◆ Exercise brief ◆
Give back every line of the material exactly. Skip the pictures.

++++++++

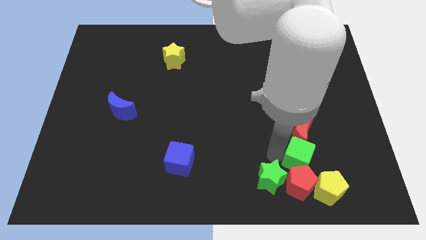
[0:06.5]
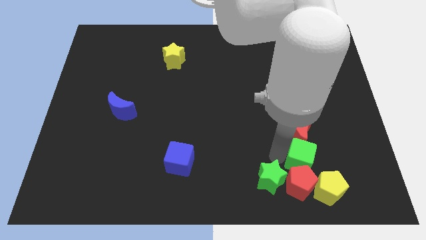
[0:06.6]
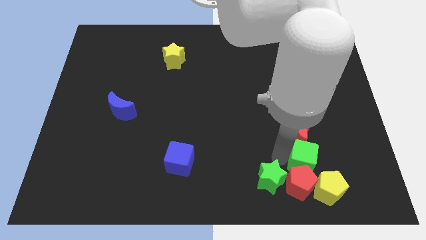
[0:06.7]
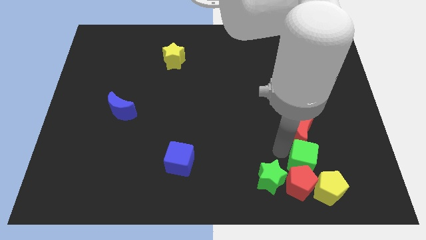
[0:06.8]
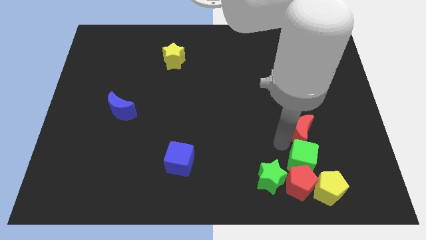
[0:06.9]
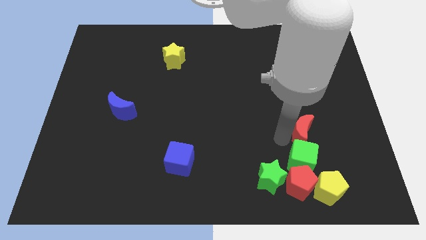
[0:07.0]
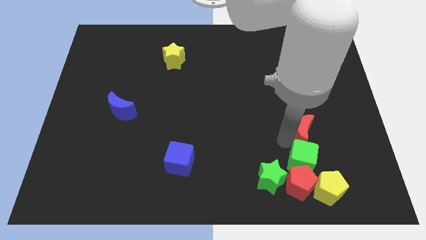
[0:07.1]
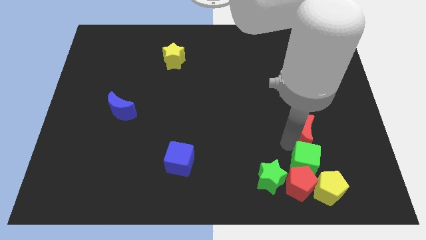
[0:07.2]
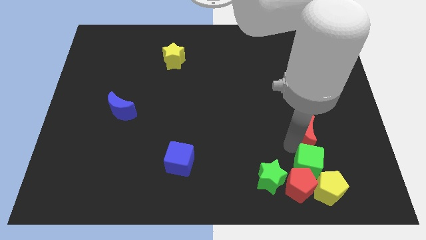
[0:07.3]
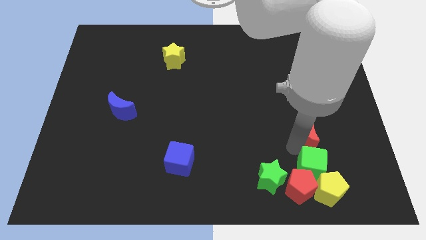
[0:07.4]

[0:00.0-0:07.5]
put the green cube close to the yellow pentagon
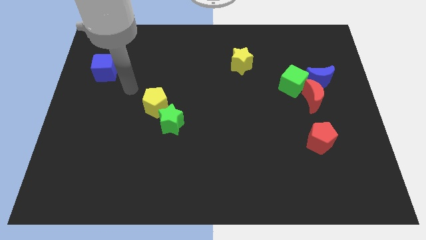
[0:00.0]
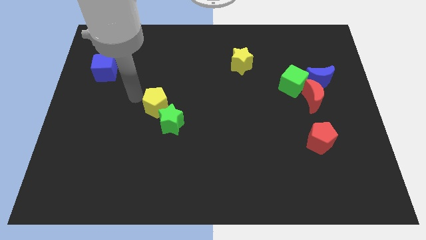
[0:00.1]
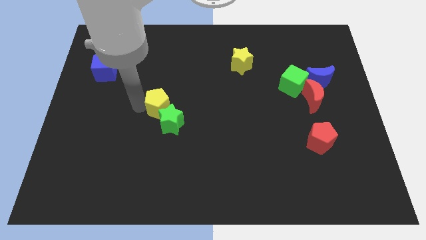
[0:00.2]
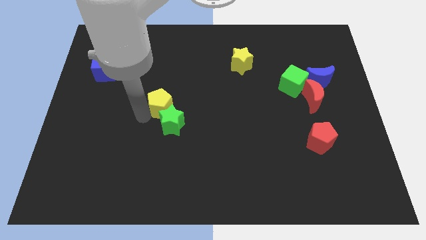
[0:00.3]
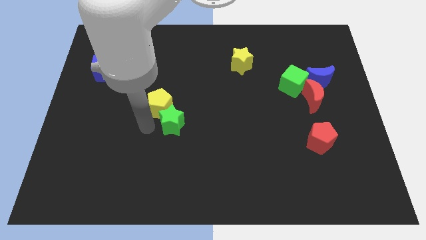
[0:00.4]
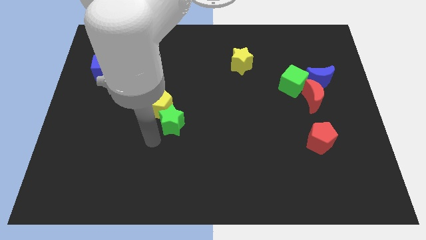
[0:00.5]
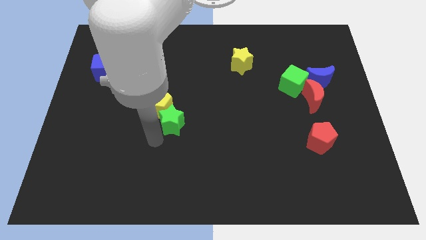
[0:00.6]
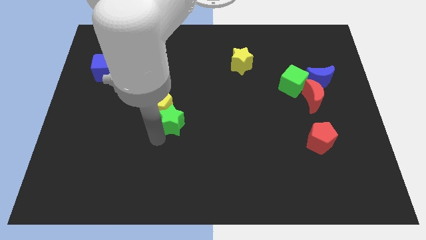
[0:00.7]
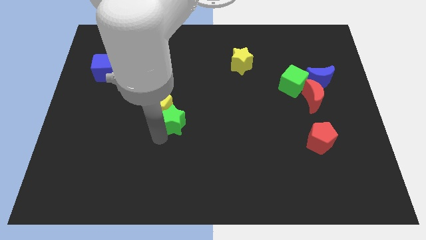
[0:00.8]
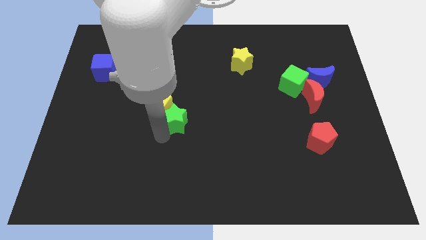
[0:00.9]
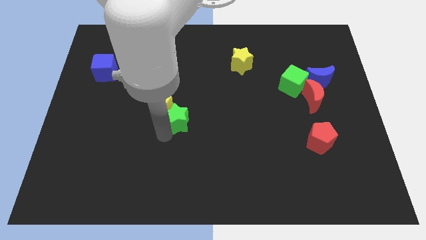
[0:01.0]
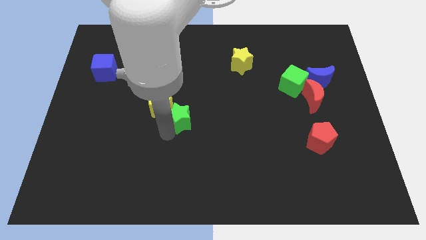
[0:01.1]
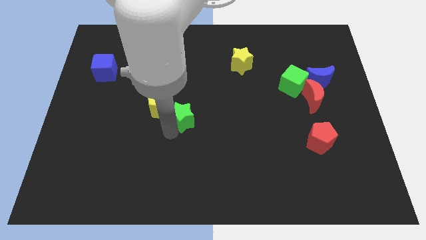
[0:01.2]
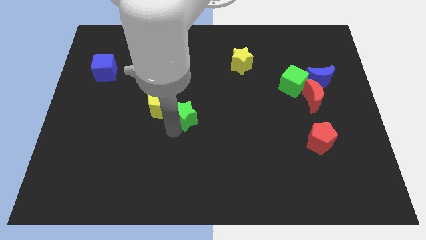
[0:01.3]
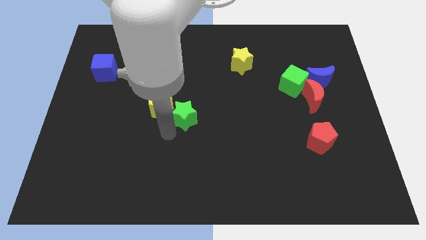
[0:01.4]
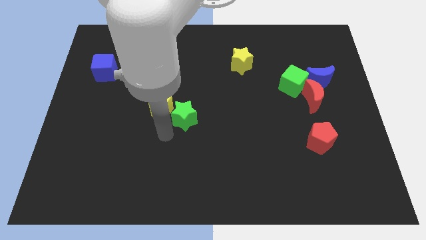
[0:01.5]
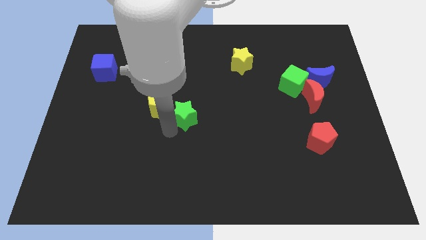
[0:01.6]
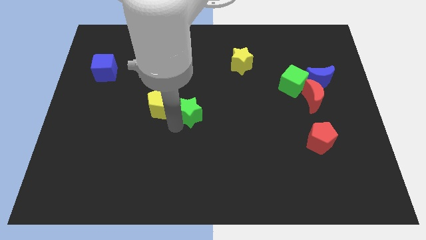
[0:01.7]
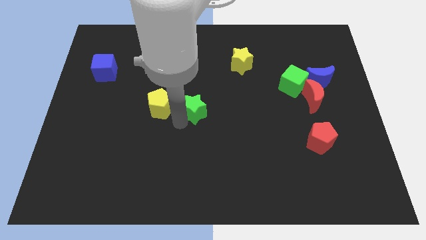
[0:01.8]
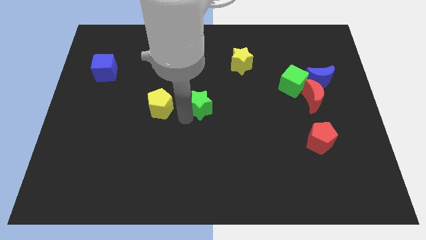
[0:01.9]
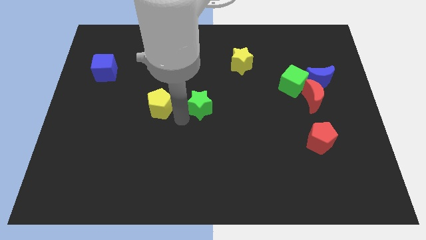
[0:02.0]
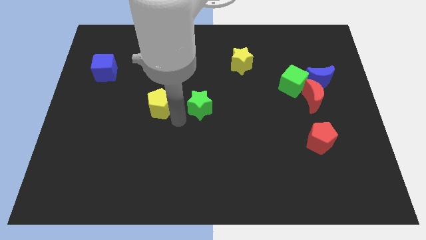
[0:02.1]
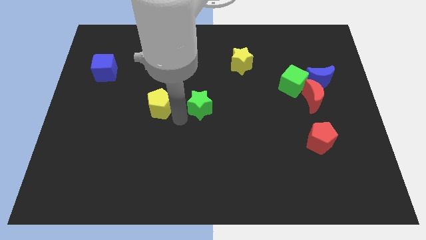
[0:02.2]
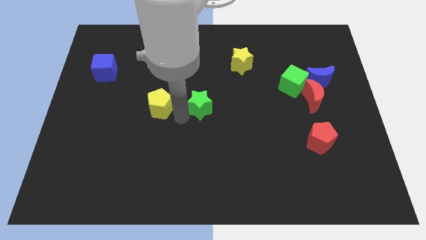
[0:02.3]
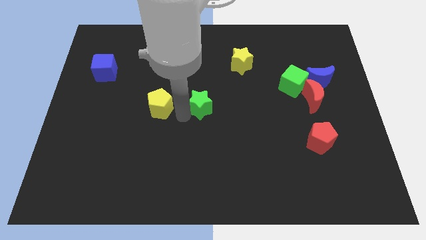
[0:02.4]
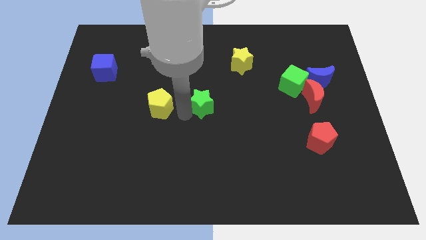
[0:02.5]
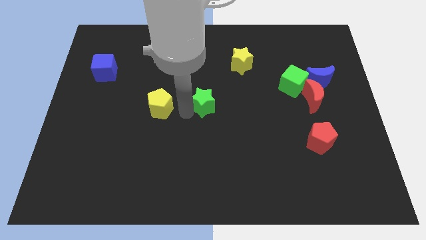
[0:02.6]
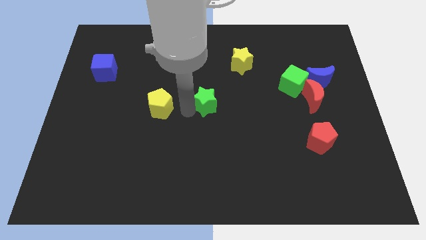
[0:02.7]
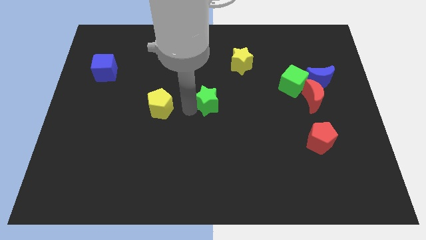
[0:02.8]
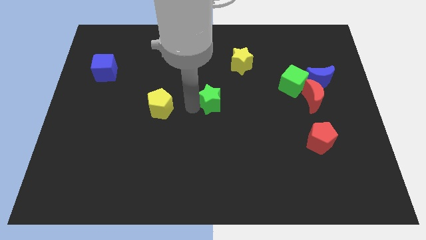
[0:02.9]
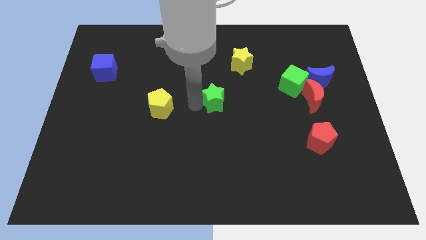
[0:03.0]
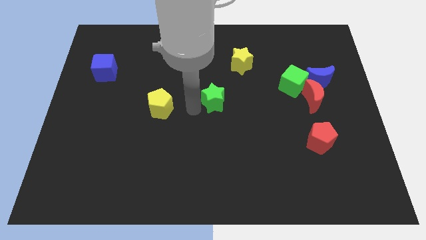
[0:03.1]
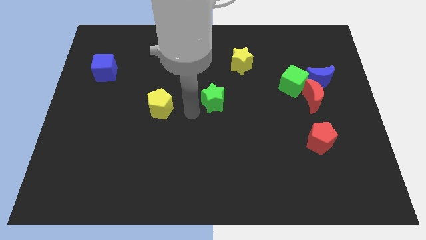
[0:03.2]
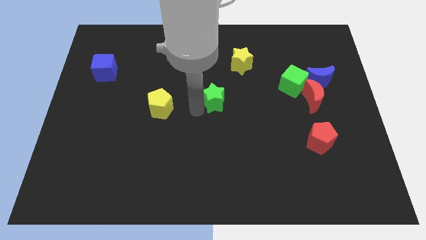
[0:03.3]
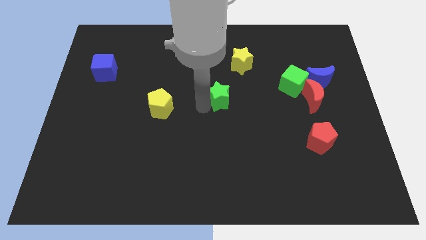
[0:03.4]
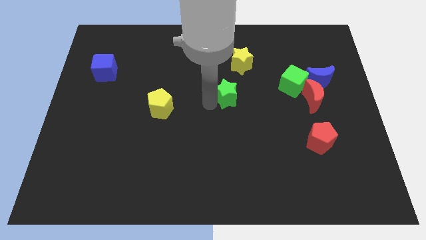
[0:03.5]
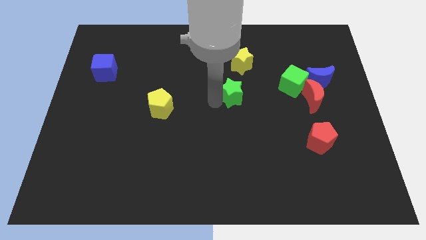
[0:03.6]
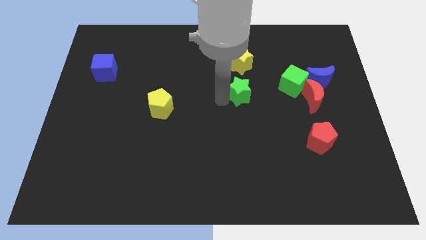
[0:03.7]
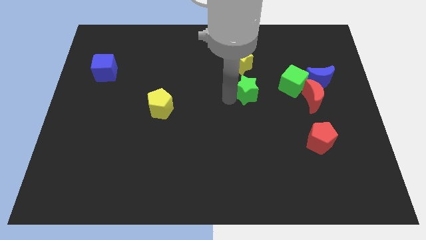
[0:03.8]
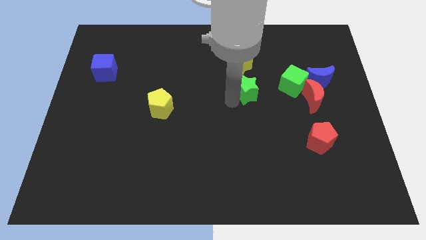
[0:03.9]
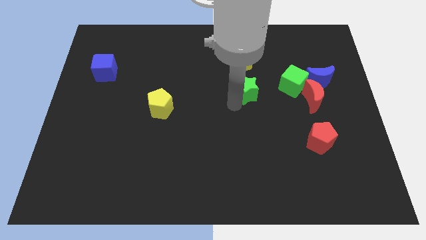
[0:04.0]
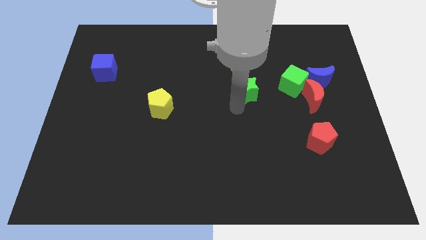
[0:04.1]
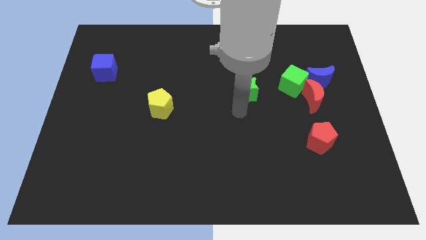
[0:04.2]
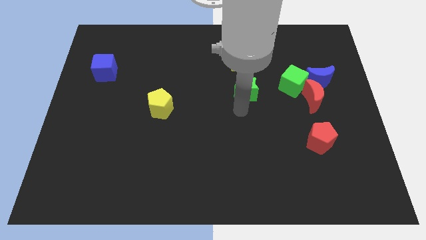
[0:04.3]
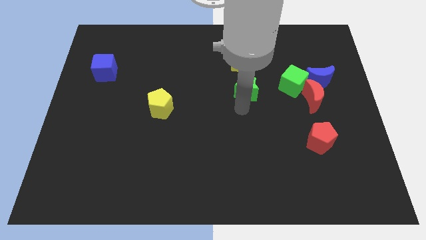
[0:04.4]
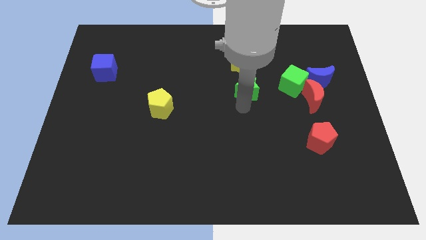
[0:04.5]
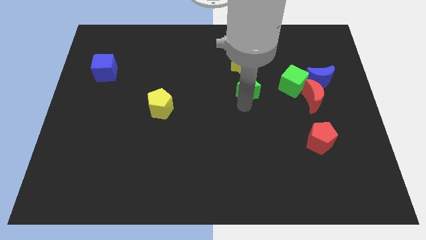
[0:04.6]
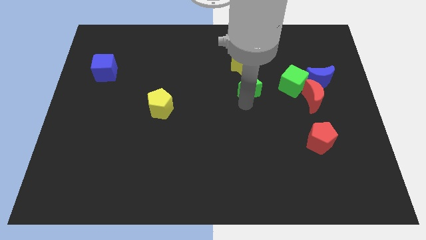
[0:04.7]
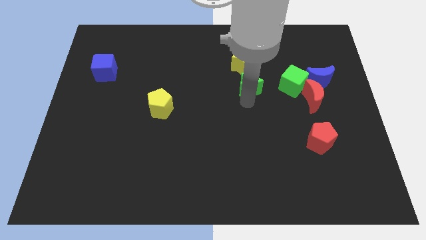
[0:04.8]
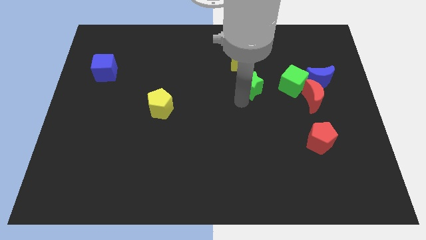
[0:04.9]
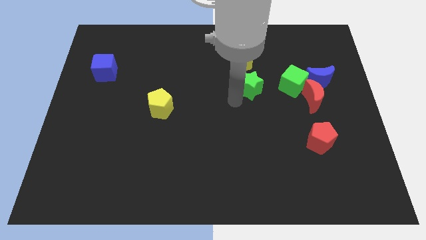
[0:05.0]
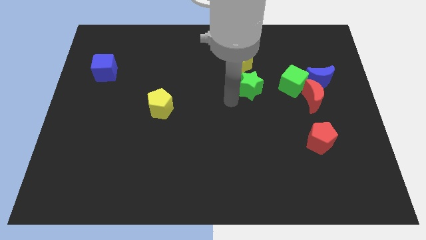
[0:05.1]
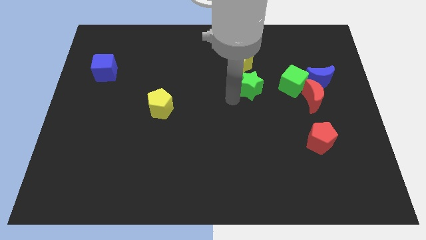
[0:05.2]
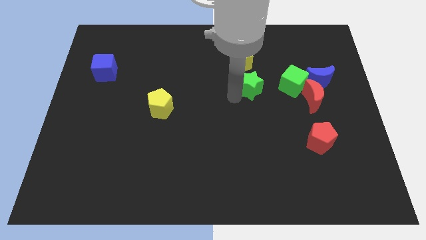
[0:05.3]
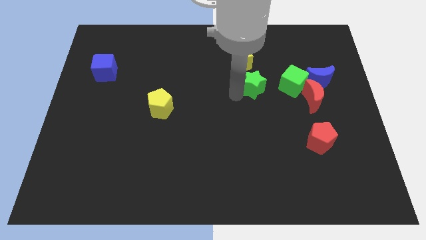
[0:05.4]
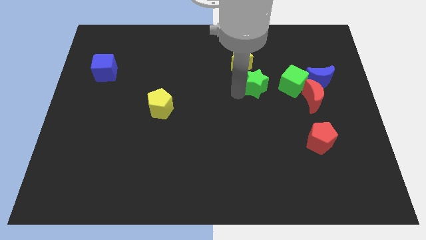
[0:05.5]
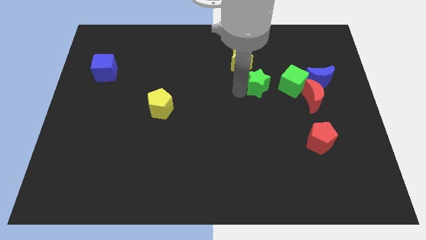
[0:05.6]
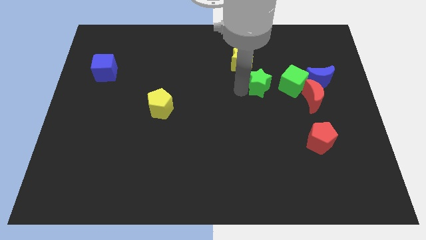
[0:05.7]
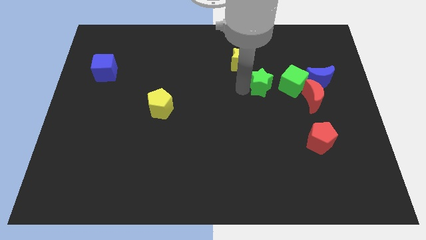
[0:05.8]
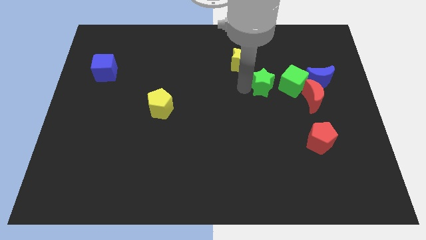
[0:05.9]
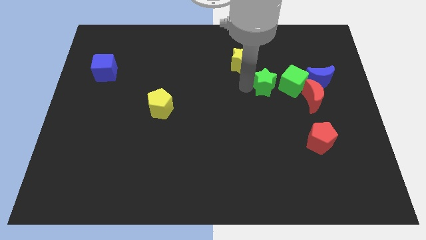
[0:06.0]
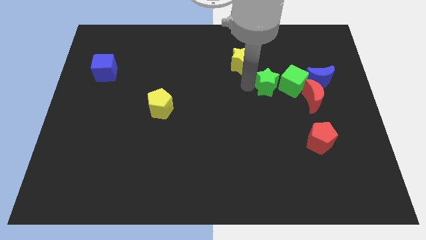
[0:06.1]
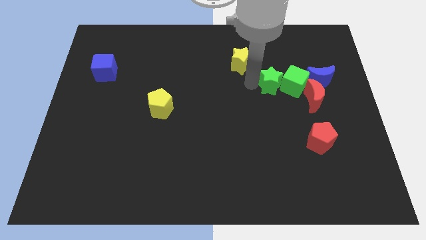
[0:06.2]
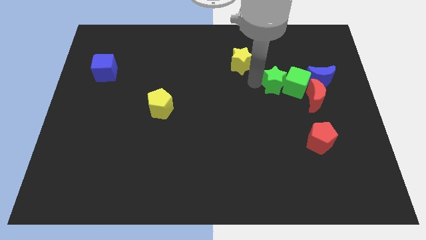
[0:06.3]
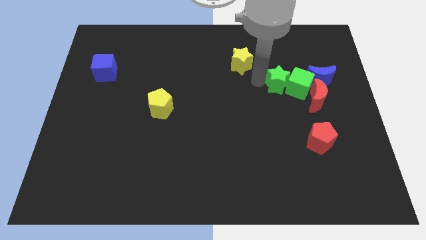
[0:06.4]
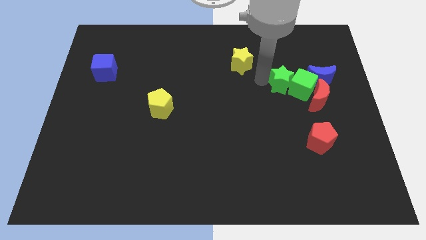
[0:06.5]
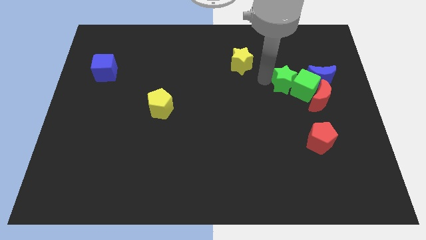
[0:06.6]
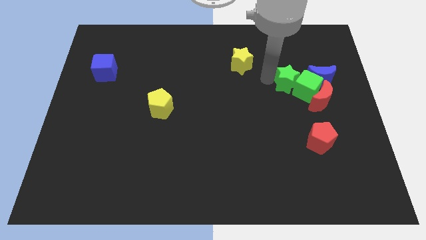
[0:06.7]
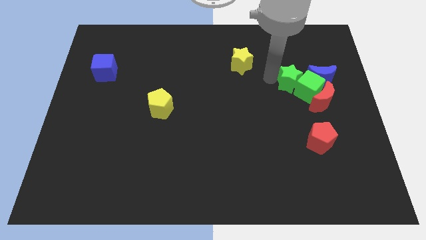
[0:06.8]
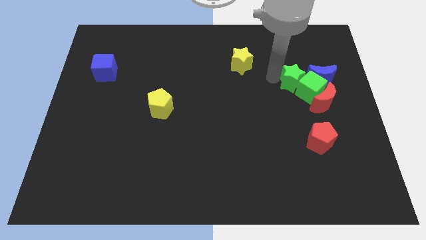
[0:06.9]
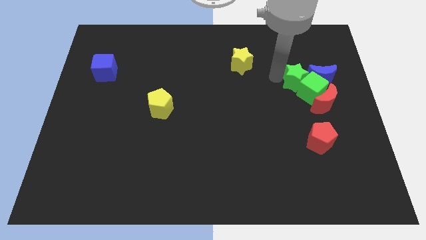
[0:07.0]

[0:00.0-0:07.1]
move the green star diagonally up and to the left of the blue moon

++++++++

◆ Output for this exercise ◆
[0:06.5]
[0:06.6]
[0:06.7]
[0:06.8]
[0:06.9]
[0:07.0]
[0:07.1]
[0:07.2]
[0:07.3]
[0:07.4]

[0:00.0-0:07.5]
put the green cube close to the yellow pentagon
[0:00.0]
[0:00.1]
[0:00.2]
[0:00.3]
[0:00.4]
[0:00.5]
[0:00.6]
[0:00.7]
[0:00.8]
[0:00.9]
[0:01.0]
[0:01.1]
[0:01.2]
[0:01.3]
[0:01.4]
[0:01.5]
[0:01.6]
[0:01.7]
[0:01.8]
[0:01.9]
[0:02.0]
[0:02.1]
[0:02.2]
[0:02.3]
[0:02.4]
[0:02.5]
[0:02.6]
[0:02.7]
[0:02.8]
[0:02.9]
[0:03.0]
[0:03.1]
[0:03.2]
[0:03.3]
[0:03.4]
[0:03.5]
[0:03.6]
[0:03.7]
[0:03.8]
[0:03.9]
[0:04.0]
[0:04.1]
[0:04.2]
[0:04.3]
[0:04.4]
[0:04.5]
[0:04.6]
[0:04.7]
[0:04.8]
[0:04.9]
[0:05.0]
[0:05.1]
[0:05.2]
[0:05.3]
[0:05.4]
[0:05.5]
[0:05.6]
[0:05.7]
[0:05.8]
[0:05.9]
[0:06.0]
[0:06.1]
[0:06.2]
[0:06.3]
[0:06.4]
[0:06.5]
[0:06.6]
[0:06.7]
[0:06.8]
[0:06.9]
[0:07.0]

[0:00.0-0:07.1]
move the green star diagonally up and to the left of the blue moon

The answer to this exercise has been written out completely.